> [Activity]
List every line in this data where the string "path" occurs.

Segment Start: Data provided

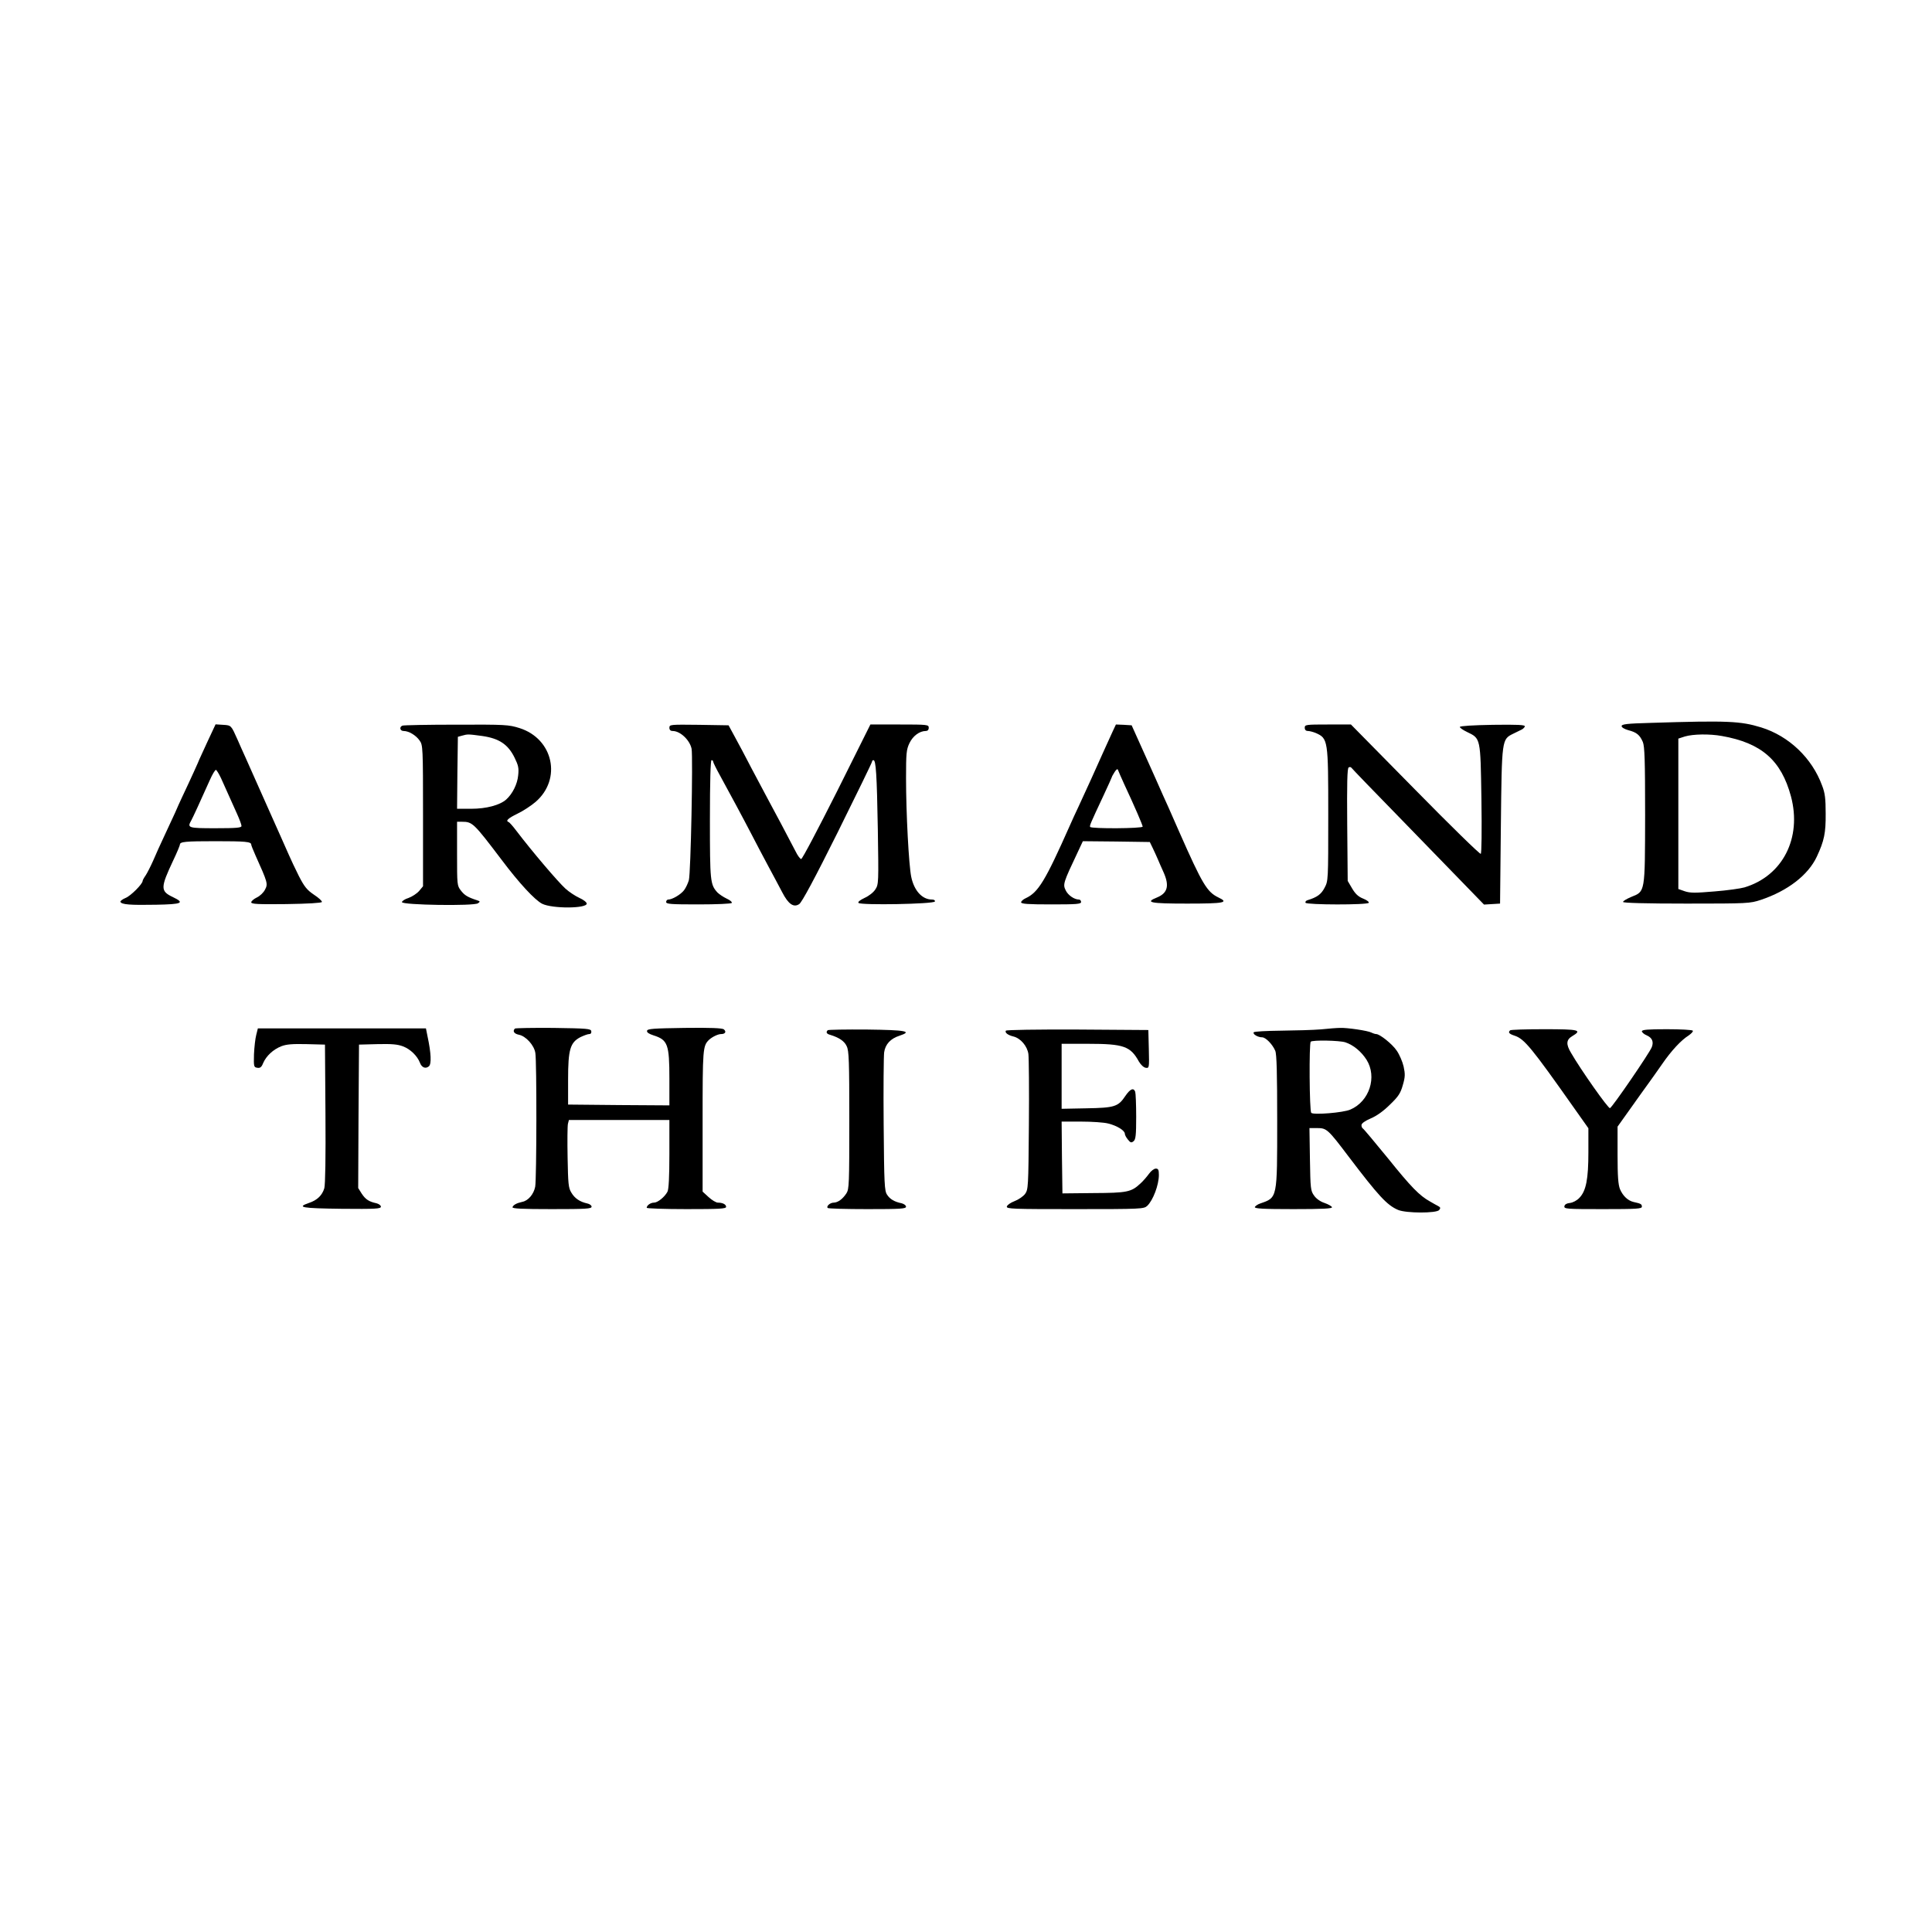 <?xml version="1.0" standalone="no"?>
<!DOCTYPE svg PUBLIC "-//W3C//DTD SVG 20010904//EN"
 "http://www.w3.org/TR/2001/REC-SVG-20010904/DTD/svg10.dtd">
<svg version="1.0" xmlns="http://www.w3.org/2000/svg"
 width="1192pt" height="1192pt" viewBox="0 0 1192 1192"
 preserveAspectRatio="xMidYMid meet">

<g transform="translate(0,1192) scale(0.1,-0.1)"
fill="#000000" stroke="none">
<path d="M10185 7460 c-148 -4 -180 -8 -180 -20 0 -8 17 -18 41 -25 51 -13 71
-29 90 -73 11 -28 14 -110 14 -451 -1 -483 1 -470 -86 -505 -28 -12 -51 -25
-50 -31 1 -6 139 -10 391 -10 381 0 392 1 459 23 165 55 292 153 345 266 46
98 56 147 55 266 0 92 -4 127 -22 173 -62 170 -205 306 -376 359 -128 39 -204
43 -681 28z m439 -81 c244 -43 366 -150 426 -373 68 -256 -51 -490 -287 -561
-24 -7 -108 -19 -186 -25 -118 -10 -149 -10 -182 1 l-40 14 0 464 0 464 40 13
c51 15 152 17 229 3z"/>
<path d="M1280 7344 c-27 -58 -50 -108 -50 -109 0 -3 -56 -127 -105 -230 -13
-27 -33 -72 -45 -100 -13 -27 -42 -90 -65 -140 -23 -49 -55 -119 -70 -155 -16
-36 -37 -77 -47 -92 -10 -14 -18 -29 -18 -33 0 -19 -74 -93 -105 -105 -19 -8
-34 -19 -32 -24 6 -17 60 -21 220 -18 161 3 179 11 104 47 -78 37 -78 57 2
227 23 48 41 92 41 97 0 18 34 21 220 21 184 0 220 -3 220 -21 0 -5 12 -34 26
-66 76 -169 78 -176 59 -212 -9 -18 -31 -39 -50 -48 -19 -9 -35 -23 -35 -30 0
-11 41 -13 217 -11 133 2 217 7 219 13 2 6 -20 26 -49 45 -43 29 -59 49 -93
115 -22 44 -50 103 -62 131 -12 28 -35 80 -51 115 -16 35 -38 85 -50 112 -85
192 -111 249 -167 375 -13 28 -35 78 -49 110 -39 87 -38 87 -88 90 l-47 3 -50
-107z m84 -226 c43 -95 68 -152 97 -216 16 -35 29 -70 29 -78 0 -11 -29 -14
-160 -14 -170 0 -176 2 -150 48 9 16 53 111 115 250 15 34 32 62 37 62 4 0 19
-24 32 -52z"/>
<path d="M2483 7443 c-21 -8 -15 -33 7 -33 32 0 76 -26 99 -59 20 -28 21 -40
21 -464 l0 -435 -24 -29 c-14 -16 -43 -35 -65 -43 -23 -7 -41 -19 -41 -26 0
-18 445 -25 469 -7 14 10 14 12 -4 18 -61 20 -78 31 -101 60 -24 31 -24 35
-24 228 l0 197 30 0 c65 0 72 -7 245 -235 109 -145 205 -248 250 -271 63 -31
275 -30 275 1 0 8 -20 24 -45 35 -26 12 -64 37 -87 58 -46 42 -203 226 -302
356 -21 28 -43 53 -48 54 -20 8 -4 23 55 52 34 16 84 49 111 72 164 141 110
390 -99 456 -67 21 -87 22 -390 21 -176 0 -326 -3 -332 -6z m493 -64 c104 -15
159 -52 199 -134 23 -47 27 -64 22 -109 -5 -54 -35 -114 -74 -149 -40 -35
-123 -57 -216 -57 l-87 0 2 222 3 222 25 7 c36 10 37 10 126 -2z"/>
<path d="M4130 7430 c0 -13 7 -20 20 -20 47 0 106 -56 117 -110 9 -53 -5 -770
-17 -811 -6 -20 -19 -48 -30 -62 -21 -27 -73 -57 -97 -57 -7 0 -13 -7 -13 -15
0 -13 29 -15 199 -15 114 0 202 4 206 9 3 6 -12 18 -32 27 -21 10 -46 27 -57
38 -44 49 -46 67 -46 451 0 237 4 365 10 365 6 0 10 -4 10 -9 0 -5 19 -44 43
-87 57 -104 140 -258 195 -364 24 -47 69 -132 100 -190 31 -58 71 -132 88
-165 38 -74 71 -96 105 -73 16 10 95 157 237 442 116 234 212 431 212 436 0 6
4 10 9 10 15 0 21 -83 27 -430 5 -325 5 -336 -15 -367 -12 -19 -40 -41 -67
-53 -29 -14 -43 -25 -37 -31 15 -15 465 -7 471 9 2 7 -5 12 -18 12 -60 0 -110
54 -128 140 -15 73 -32 393 -32 608 0 154 2 177 21 217 21 44 62 75 101 75 11
0 18 7 18 20 0 19 -7 20 -180 20 l-180 0 -207 -415 c-115 -228 -213 -415 -220
-415 -6 0 -22 21 -35 48 -33 64 -145 276 -176 332 -13 25 -55 104 -93 175 -37
72 -85 162 -106 200 l-38 70 -183 3 c-177 2 -182 2 -182 -18z"/>
<path d="M6863 7403 c-27 -59 -71 -156 -130 -288 -25 -55 -60 -131 -78 -170
-18 -38 -43 -92 -55 -120 -151 -340 -194 -411 -272 -447 -16 -7 -28 -19 -28
-25 0 -10 43 -13 185 -13 158 0 185 2 185 15 0 8 -6 15 -13 15 -29 0 -68 27
-82 57 -18 37 -16 45 77 241 l29 62 207 -2 206 -3 17 -35 c9 -19 24 -51 32
-70 8 -19 24 -56 36 -82 37 -83 25 -128 -40 -155 -78 -31 -44 -38 186 -38 228
0 260 6 192 38 -70 34 -98 80 -242 406 -25 57 -55 124 -66 150 -22 47 -43 96
-80 179 -12 26 -25 56 -30 67 -5 11 -33 74 -63 140 l-54 120 -48 3 -49 2 -22
-47z m74 -323 c65 -139 113 -251 113 -260 0 -12 -317 -14 -324 -2 -4 8 0 18
83 195 28 60 51 111 51 113 0 3 8 16 17 31 12 18 18 21 21 12 3 -8 20 -48 39
-89z"/>
<path d="M8050 7430 c0 -13 7 -20 20 -20 10 0 32 -6 47 -12 77 -34 78 -41 78
-508 0 -403 0 -405 -23 -448 -21 -40 -46 -58 -105 -76 -10 -3 -15 -10 -12 -16
8 -13 382 -14 390 0 3 5 -12 17 -35 26 -30 12 -48 29 -68 63 l-27 46 -3 347
c-2 255 0 348 9 353 6 4 14 3 18 -3 3 -5 144 -151 312 -323 168 -173 350 -360
405 -417 l100 -103 50 3 49 3 5 480 c6 539 5 533 78 569 20 10 43 21 51 25 8
4 17 13 19 19 3 10 -44 12 -197 10 -121 -2 -202 -7 -204 -13 -1 -5 19 -19 44
-31 85 -41 83 -34 89 -412 3 -203 1 -336 -4 -340 -6 -3 -188 175 -405 396
l-396 402 -142 0 c-136 0 -143 -1 -143 -20z"/>
<path d="M1581 5535 c-6 -22 -12 -76 -14 -120 -2 -76 -1 -80 21 -83 17 -3 26
4 36 30 19 43 61 83 112 103 31 12 68 15 155 13 l114 -3 3 -425 c2 -271 -1
-438 -7 -461 -13 -44 -44 -74 -95 -91 -79 -27 -44 -33 202 -36 209 -2 242 0
242 13 0 8 -12 17 -27 21 -46 10 -67 23 -91 59 l-22 35 2 443 3 442 114 3 c88
2 124 -1 158 -14 45 -17 88 -59 104 -101 11 -30 35 -39 55 -22 17 14 14 81 -8
184 l-10 50 -518 0 -519 0 -10 -40z"/>
<path d="M3177 5574 c-16 -16 -5 -32 24 -38 43 -8 95 -65 102 -113 9 -51 8
-778 -1 -825 -9 -46 -43 -86 -79 -93 -36 -8 -56 -19 -61 -33 -3 -9 58 -12 242
-12 211 0 246 2 246 15 0 8 -12 17 -27 20 -45 10 -77 31 -98 67 -18 29 -20 54
-23 217 -2 101 -1 194 2 207 l6 24 310 0 310 0 0 -211 c0 -140 -4 -218 -12
-232 -17 -32 -60 -67 -83 -67 -21 0 -45 -17 -45 -32 0 -4 110 -8 245 -8 203 0
245 2 245 14 0 15 -21 26 -51 26 -11 0 -36 15 -57 34 l-37 34 0 435 c0 448 1
464 40 502 20 18 55 35 74 35 26 0 34 15 17 29 -9 8 -83 11 -242 9 -194 -3
-229 -5 -232 -18 -2 -10 12 -19 40 -28 88 -28 98 -55 98 -268 l0 -164 -312 2
-313 3 0 155 c0 185 13 228 76 261 21 10 45 19 54 19 10 0 15 7 13 18 -3 15
-23 17 -234 20 -127 1 -233 -1 -237 -4z"/>
<path d="M8150 5569 c-47 -4 -158 -7 -247 -8 -90 -1 -164 -5 -168 -10 -7 -12
26 -31 52 -31 22 0 64 -43 81 -83 9 -20 12 -142 12 -431 0 -483 2 -474 -104
-511 -16 -5 -31 -16 -34 -22 -3 -10 49 -13 238 -13 182 0 241 3 238 12 -2 6
-23 18 -46 26 -25 8 -51 26 -64 45 -22 30 -23 43 -26 225 l-3 192 48 0 c58 0
66 -7 193 -175 186 -245 238 -301 306 -330 50 -21 236 -21 253 -1 10 12 9 17
-6 25 -10 5 -33 18 -50 28 -65 36 -117 89 -260 267 -81 99 -151 183 -155 184
-4 2 -8 11 -8 20 0 11 21 26 58 42 36 15 79 46 118 85 52 50 65 70 79 120 15
51 15 68 5 115 -7 30 -26 74 -42 97 -27 41 -105 103 -127 103 -6 0 -19 4 -29
9 -22 12 -151 31 -194 29 -18 0 -71 -4 -118 -9z m151 -80 c50 -17 97 -56 130
-107 67 -106 18 -258 -100 -308 -43 -19 -227 -34 -241 -20 -11 11 -14 429 -3
439 11 11 178 8 214 -4z"/>
<path d="M5107 5564 c-13 -13 -7 -23 16 -29 55 -17 87 -39 101 -70 14 -28 16
-91 16 -457 0 -393 -1 -425 -18 -451 -24 -36 -52 -56 -78 -57 -23 0 -48 -23
-37 -33 3 -4 114 -7 245 -7 203 0 238 2 238 15 0 8 -12 17 -27 21 -44 9 -72
25 -90 53 -16 24 -18 64 -21 431 -2 223 0 424 3 447 7 50 39 85 95 103 82 27
40 35 -201 38 -130 1 -238 -1 -242 -4z"/>
<path d="M6206 5561 c-8 -12 13 -28 47 -36 44 -11 85 -59 92 -108 3 -23 5
-221 3 -439 -3 -385 -4 -397 -24 -425 -12 -15 -41 -35 -65 -44 -24 -9 -45 -24
-47 -33 -3 -15 35 -16 420 -16 410 0 425 1 446 20 36 34 72 129 72 191 0 32
-4 39 -19 39 -11 0 -30 -15 -42 -32 -13 -18 -37 -46 -54 -61 -56 -52 -82 -57
-289 -58 l-191 -2 -3 222 -2 221 120 0 c67 0 142 -5 168 -12 53 -13 102 -43
102 -63 0 -7 8 -23 19 -36 16 -20 21 -21 35 -10 13 11 16 37 16 151 0 76 -3
145 -6 154 -10 27 -31 18 -61 -26 -44 -66 -66 -73 -240 -76 l-153 -3 0 200 0
201 163 0 c220 0 262 -15 314 -110 12 -20 29 -36 42 -38 21 -3 22 -2 19 115
l-3 118 -437 3 c-250 1 -439 -2 -442 -7z"/>
<path d="M9317 5563 c-14 -13 -6 -22 28 -33 60 -20 103 -72 368 -448 l87 -123
0 -147 c0 -167 -14 -240 -56 -283 -15 -16 -40 -29 -58 -31 -20 -2 -32 -9 -34
-20 -3 -17 13 -18 237 -18 210 0 241 2 241 15 0 16 -6 19 -51 29 -35 8 -66 37
-84 79 -11 28 -15 78 -15 211 l0 175 77 108 c42 59 93 131 113 158 20 28 59
82 85 120 57 83 118 148 163 176 17 12 30 25 26 30 -3 5 -75 9 -160 9 -117 0
-154 -3 -154 -13 0 -6 13 -18 30 -25 34 -15 44 -40 31 -73 -14 -36 -244 -372
-258 -376 -10 -4 -179 235 -240 341 -32 53 -30 81 7 103 64 38 43 43 -173 43
-112 0 -207 -3 -210 -7z"/>
</g>
</svg>

Segment End: Data provided

> [Answer to this task]
<path d="M10185 7460 c-148 -4 -180 -8 -180 -20 0 -8 17 -18 41 -25 51 -13 71
<path d="M1280 7344 c-27 -58 -50 -108 -50 -109 0 -3 -56 -127 -105 -230 -13
<path d="M2483 7443 c-21 -8 -15 -33 7 -33 32 0 76 -26 99 -59 20 -28 21 -40
<path d="M4130 7430 c0 -13 7 -20 20 -20 47 0 106 -56 117 -110 9 -53 -5 -770
<path d="M6863 7403 c-27 -59 -71 -156 -130 -288 -25 -55 -60 -131 -78 -170
<path d="M8050 7430 c0 -13 7 -20 20 -20 10 0 32 -6 47 -12 77 -34 78 -41 78
<path d="M1581 5535 c-6 -22 -12 -76 -14 -120 -2 -76 -1 -80 21 -83 17 -3 26
<path d="M3177 5574 c-16 -16 -5 -32 24 -38 43 -8 95 -65 102 -113 9 -51 8
<path d="M8150 5569 c-47 -4 -158 -7 -247 -8 -90 -1 -164 -5 -168 -10 -7 -12
<path d="M5107 5564 c-13 -13 -7 -23 16 -29 55 -17 87 -39 101 -70 14 -28 16
<path d="M6206 5561 c-8 -12 13 -28 47 -36 44 -11 85 -59 92 -108 3 -23 5
<path d="M9317 5563 c-14 -13 -6 -22 28 -33 60 -20 103 -72 368 -448 l87 -123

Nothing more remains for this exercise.